▸ **WHAT THE TASK ASKS**
All the lines below should be set down exactly, with no picture carried into the copy.

▸ **RECORDS FOR THE EXERCISE**
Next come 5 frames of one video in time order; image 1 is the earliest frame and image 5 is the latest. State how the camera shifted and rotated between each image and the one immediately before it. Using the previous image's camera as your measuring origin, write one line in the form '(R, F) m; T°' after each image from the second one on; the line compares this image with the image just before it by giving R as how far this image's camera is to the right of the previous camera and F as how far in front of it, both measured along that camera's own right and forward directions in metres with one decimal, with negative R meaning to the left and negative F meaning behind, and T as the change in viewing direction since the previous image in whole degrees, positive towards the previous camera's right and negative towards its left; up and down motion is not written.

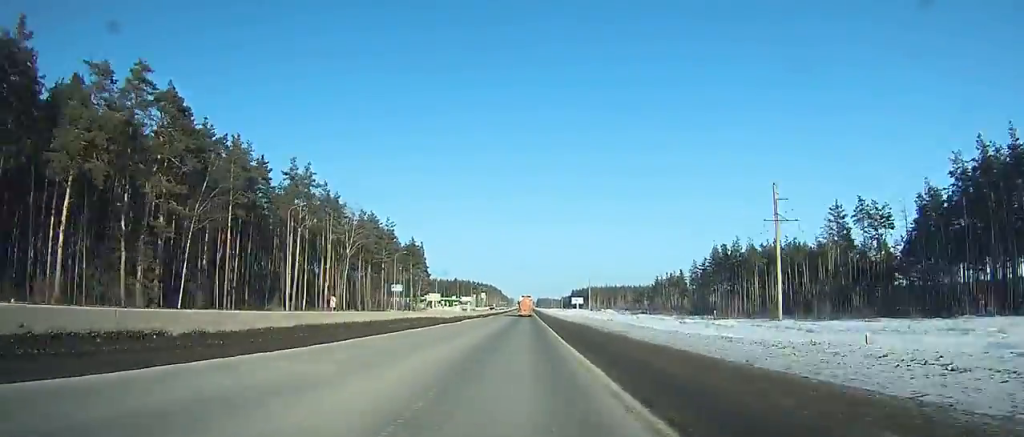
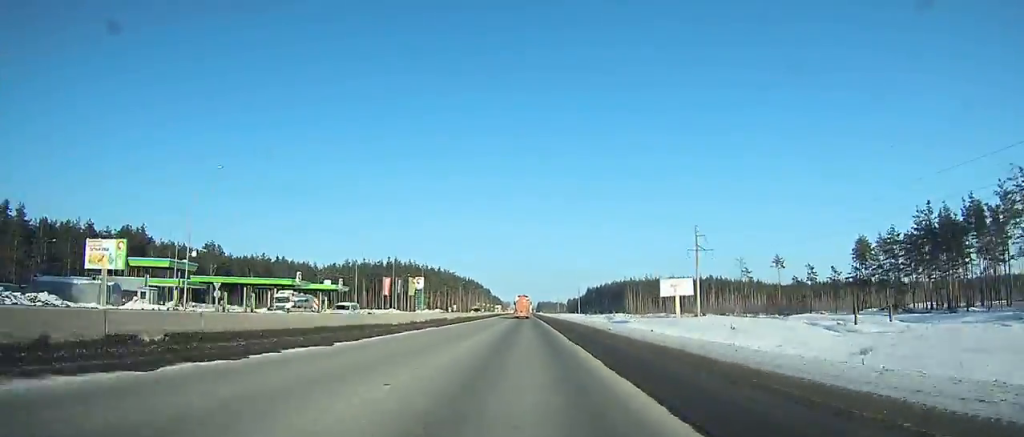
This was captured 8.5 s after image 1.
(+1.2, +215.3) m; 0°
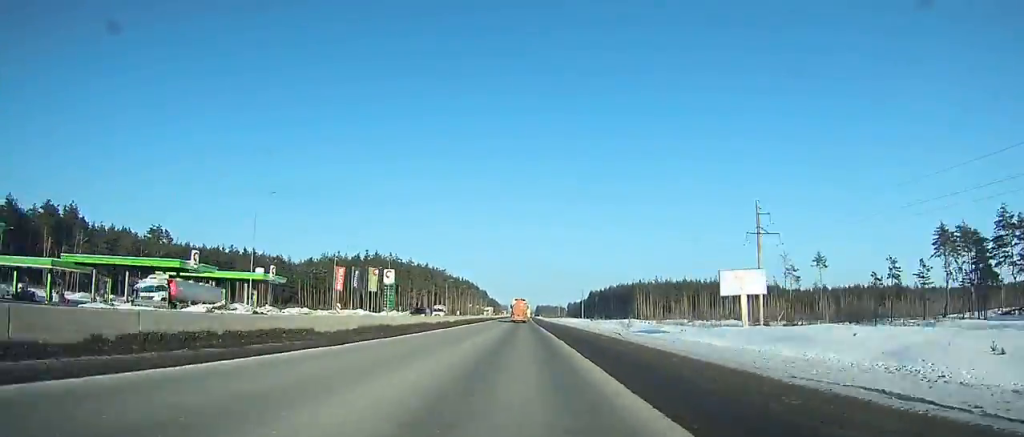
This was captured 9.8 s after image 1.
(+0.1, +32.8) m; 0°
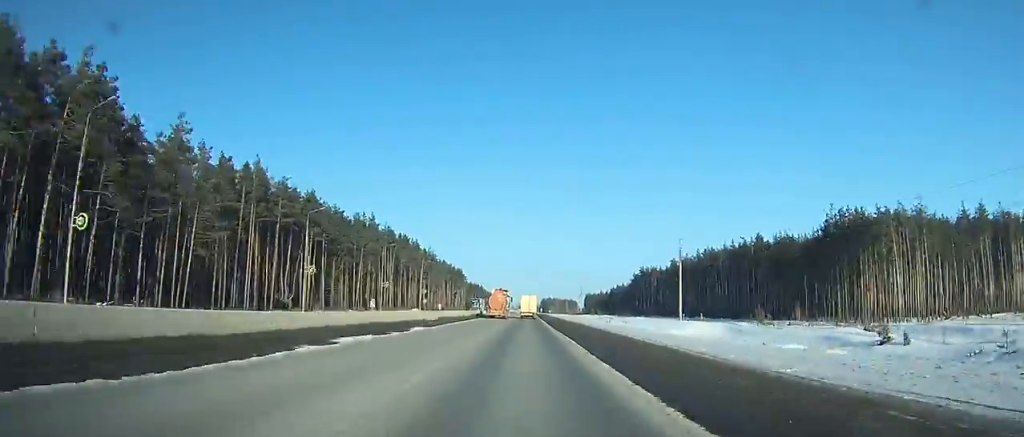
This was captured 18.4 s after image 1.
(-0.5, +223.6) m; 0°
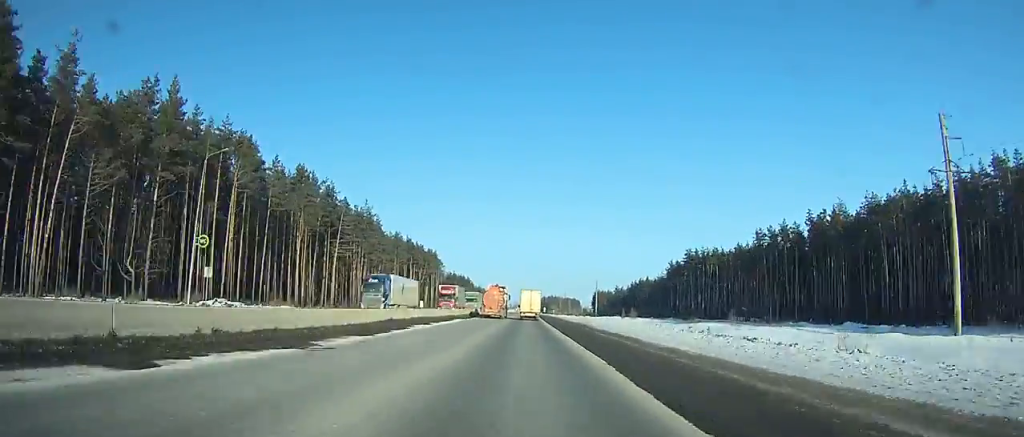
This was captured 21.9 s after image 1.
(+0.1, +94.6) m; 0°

▸ **EXERCISE ANSWER**
Next come 5 frames of one video in time order; image 1 is the earliest frame and image 5 is the latest. State how the camera shifted and rotated between each image and the one immediately before it. Using the previous image's camera as your measuring origin, write one line in the form '(R, F) m; T°' after each image from the second one on; the line compares this image with the image just before it by giving R as how far this image's camera is to the right of the previous camera and F as how far in front of it, both measured along that camera's own right and forward directions in metres with one decimal, with negative R meaning to the left and negative F meaning behind, and T as the change in viewing direction since the previous image in whole degrees, positive towards the previous camera's right and negative towards its left; up and down motion is not written.

This was captured 8.5 s after image 1.
(+1.2, +215.3) m; 0°
This was captured 9.8 s after image 1.
(+0.1, +32.8) m; 0°
This was captured 18.4 s after image 1.
(-0.5, +223.6) m; 0°
This was captured 21.9 s after image 1.
(+0.1, +94.6) m; 0°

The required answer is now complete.